Lena Maria Müller
Boyce Thompson Institute, Ithaca, NY, USA
Nitrogen (N) is a critical element in plant nutrition and an important building block of amino acids, nucleic acids, and secondary metabolites. Roots take up N mainly in the form of nitrate (NO3–) and ammonium (NH4+). To feed a growing human population and maintain plant growth and crop productivity, most agricultural fields are fertilized with high amounts of N fertilizer. However, excess N fertilizer can leach into the groundwater and pose serious threats to the environment, such as eutrophication of aquatic ecosystems. To achieve more sustainable agriculture, we must reduce N fertilizer usage while maintaining high crop yields. A pivotal prerequisite for achieving these goals is to better understand plant physiological responses to this essential nutrient (Vidal et al., 2020).
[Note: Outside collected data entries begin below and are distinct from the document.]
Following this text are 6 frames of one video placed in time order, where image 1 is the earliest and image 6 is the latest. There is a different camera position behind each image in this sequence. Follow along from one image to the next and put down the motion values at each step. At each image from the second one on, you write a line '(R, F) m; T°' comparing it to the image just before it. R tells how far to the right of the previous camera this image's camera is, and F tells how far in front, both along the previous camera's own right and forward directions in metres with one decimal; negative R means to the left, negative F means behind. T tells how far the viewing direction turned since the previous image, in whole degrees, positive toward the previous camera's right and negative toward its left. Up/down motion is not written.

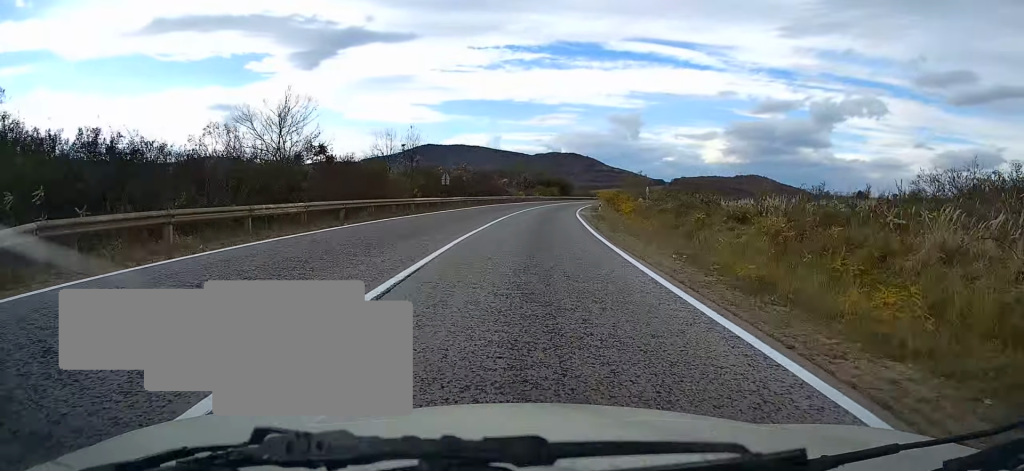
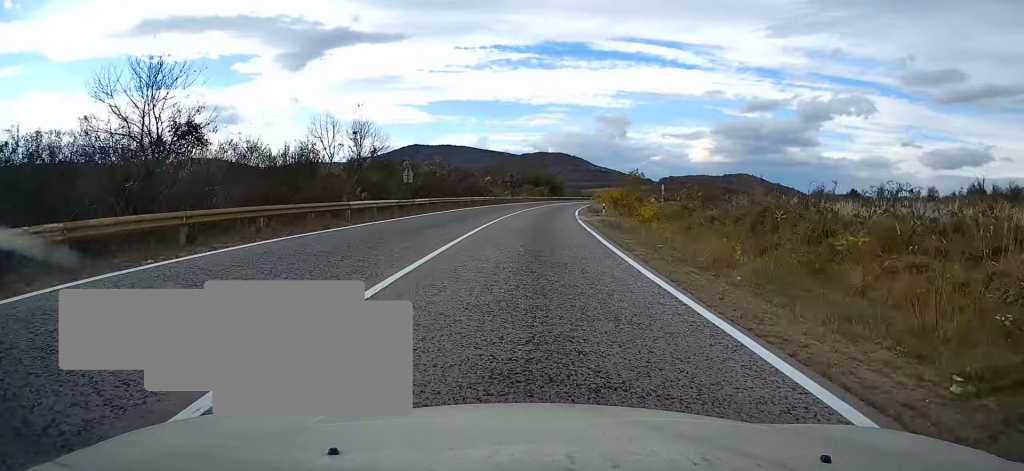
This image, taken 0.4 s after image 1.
(+0.3, +10.6) m; +2°
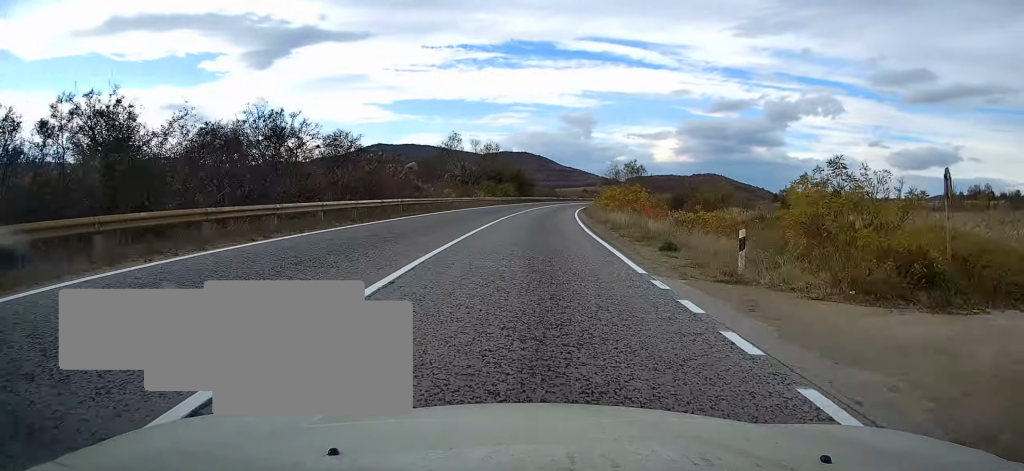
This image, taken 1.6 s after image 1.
(+1.3, +32.6) m; +4°
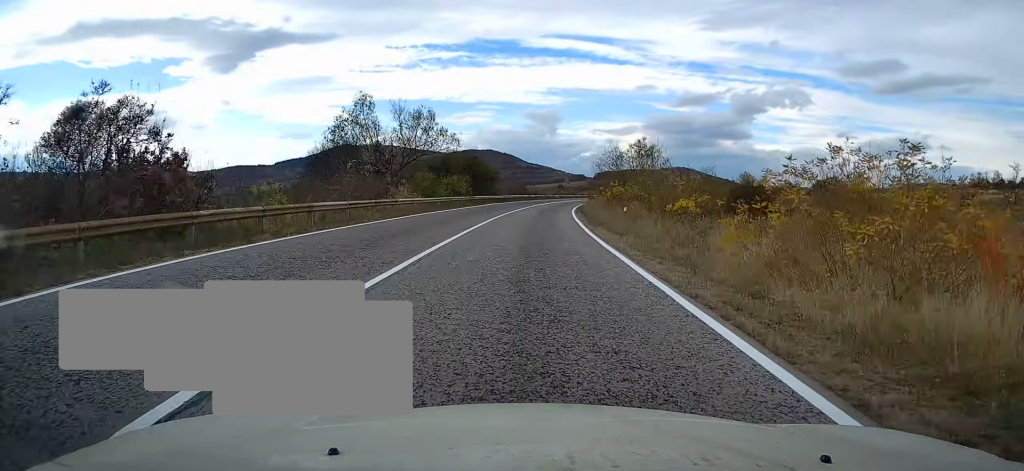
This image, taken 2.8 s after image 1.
(+0.6, +30.2) m; +2°
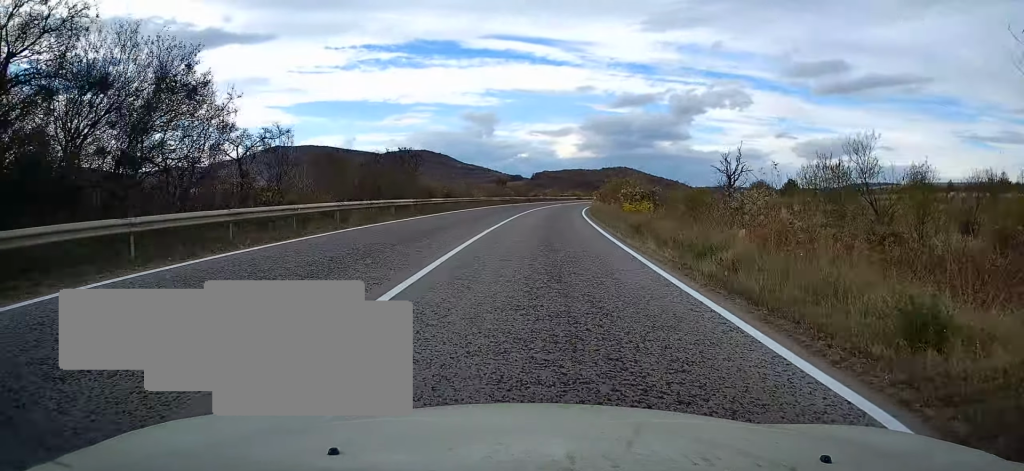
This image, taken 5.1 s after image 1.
(+2.6, +62.7) m; +5°
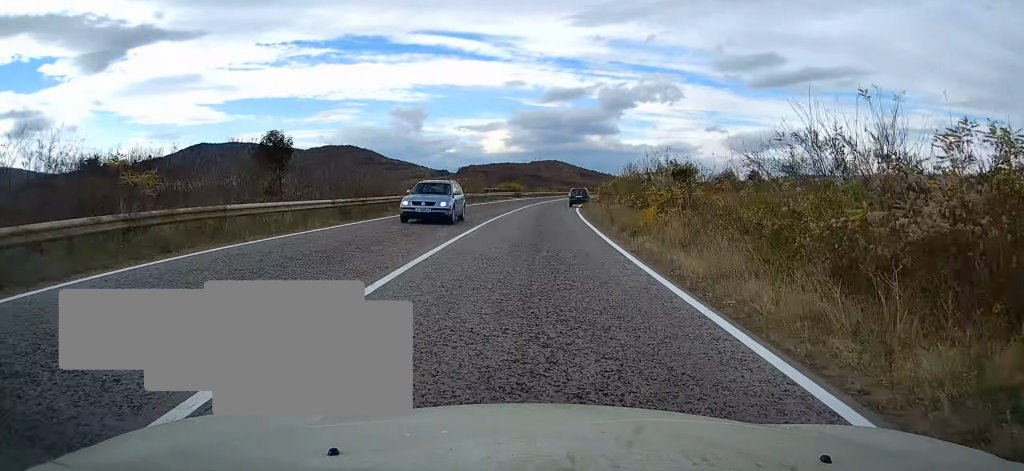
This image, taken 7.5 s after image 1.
(+4.5, +64.6) m; +7°
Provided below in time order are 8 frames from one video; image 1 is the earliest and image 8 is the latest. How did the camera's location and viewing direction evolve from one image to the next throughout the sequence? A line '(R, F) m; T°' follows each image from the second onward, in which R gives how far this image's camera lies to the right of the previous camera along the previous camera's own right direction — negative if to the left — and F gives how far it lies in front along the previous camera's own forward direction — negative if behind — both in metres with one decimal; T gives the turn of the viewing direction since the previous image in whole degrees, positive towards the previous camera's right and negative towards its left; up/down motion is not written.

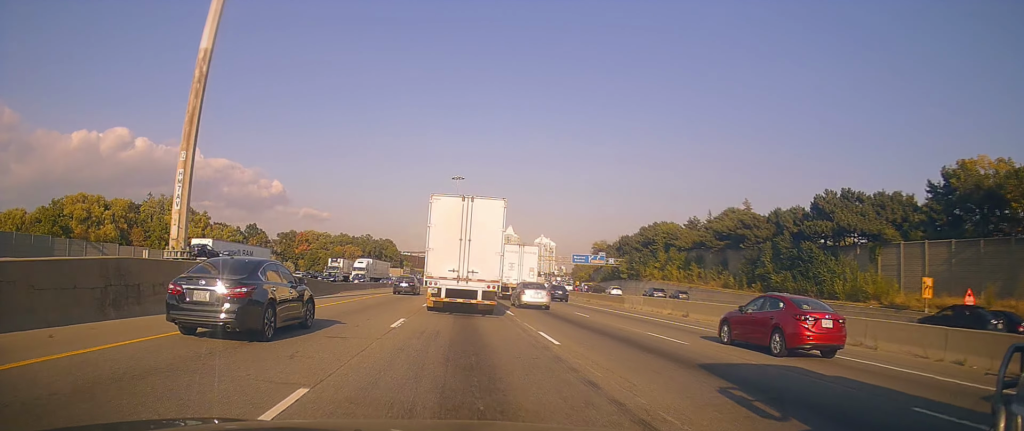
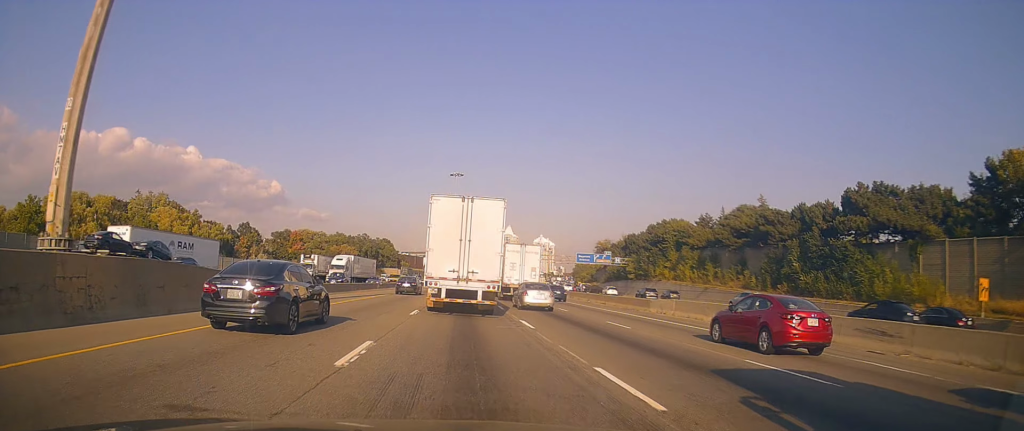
(0.0, +6.4) m; 0°
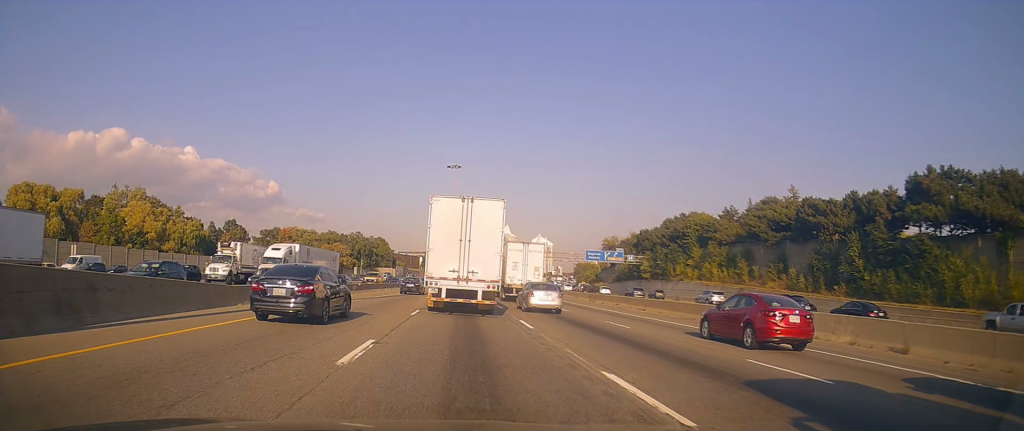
(+0.2, +11.6) m; 0°
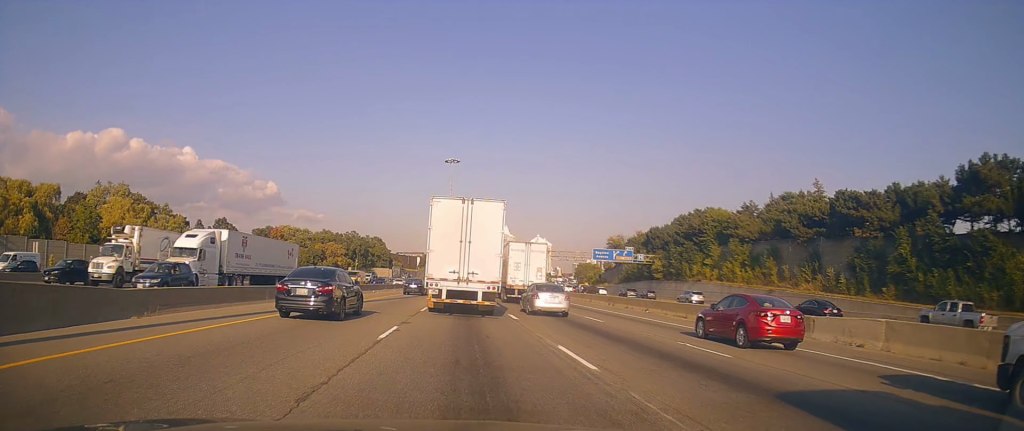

NO3– and NH4+ are not only essential nutrients, but are also signaling molecules that influence large-scale transcriptomic changes and developmental adaptations in plants (Liu and Wirén, 2017; Sun et al., 2017). As NO3– and NH4+ are not homogenously distributed in most soils, root systems must dynamically respond to local nutrient availabilities. The root adaptive response to N deprivation or supply is characterized by (i) transcriptional regulation of NO3– or NH4+ uptake systems and (ii) extensive root system remodeling to improve N foraging in the soil (Jia and Wirén, 2020). N-mediated regulation of root system plasticity is complex: high overall N supply as well as severe N starvation inhibit primary root elongation and lateral root development, while low to moderate N supply or heterogeneously distributed N promote primary root growth as well as lateral root branching and elongation, increasing root system N foraging capacities.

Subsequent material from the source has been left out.